In addition, the cathodic reactions at the steel/concrete interface
increase the alkalinity (raise the pH) by hydroxyl ion (OH-) generation
and drive chloride ions (Cl-) away from the steel as a result of
the negative charge on the ions being repelled by the negative polarity
of the reinforcement and attracted to the positive polarity of an
installed anode.
Thus
Cathodic Protection of steel in concrete has always incorporated
some degree of Realkalisation (increase in pH) and Chloride Extraction
(redistribution of chlorides). Both these processes reduce the risk
of corrosion of steel in the concrete and also achieve further protection.
Recent innovations in materials and design have made CP, - the old
remedy, ever more attracting and promising today.
Pressure-sensitive
Zinc-Hydrogel Anode
For
conventional CP systems (SA or ICCP) to function properly, it
requires the presence of a continuous conductive electrolyte between
the anode and the cathode. This is to form a closed circuit such
that the reinforcing steel is indeed made the cathode.
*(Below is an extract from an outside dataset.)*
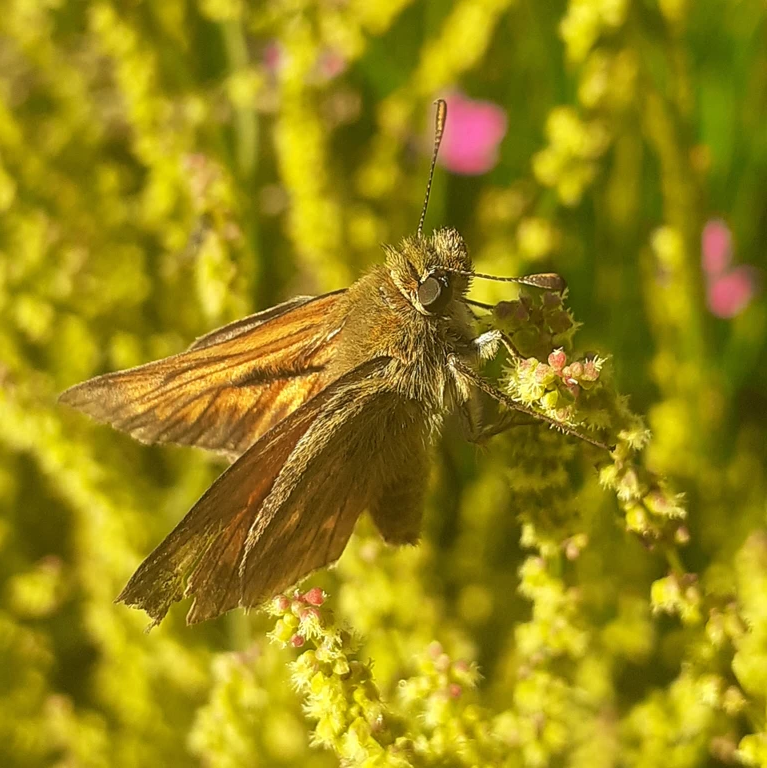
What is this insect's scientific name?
Ochlodes sylvanus (also Ochlodes venata)

In areas
of electrical discontinuity, reinforcing steel would not be cathodically
protected. One of the recent innovations is the self-adhesive
and conductive zinc-hydrogel anode that provides a continuous
electrolyte contact between the anode and the reinforcing steel
embedded in the concrete structure. The pressure-sensitive zinc-hydrogel
anode is essentially a sheet of zinc foil coated with an ionically
conductive hydrogel pressure-sensitive adhesive (Figure 1), which
serves as the electrolyte between the anode (zinc foil) and the
cathode (reinforcing steel in concrete). The hydrogel is covered
with a liner to help protect it from contamination. At time of
installation, the protective liner is removed from the hydrogel
by hand, and the zinc-hydrogel anode is adhered to the clean,
bare concrete surface.
This
zinc foil anode coated with hydrogel is provided in roll form
for coverage of the concrete surface to be protected. The ionically
conductive hydrogel performs two functions: (1) to enable the
anode to be securely adhered to the exterior surface of the concrete
structure, and (2) to serve as a continuous conductive electrolyte
between the anode and the concrete structure.
Fig.
1 Pressure-Sensitive Zinc-Hydrogel Anode (Illustration copyrighted
by 3M)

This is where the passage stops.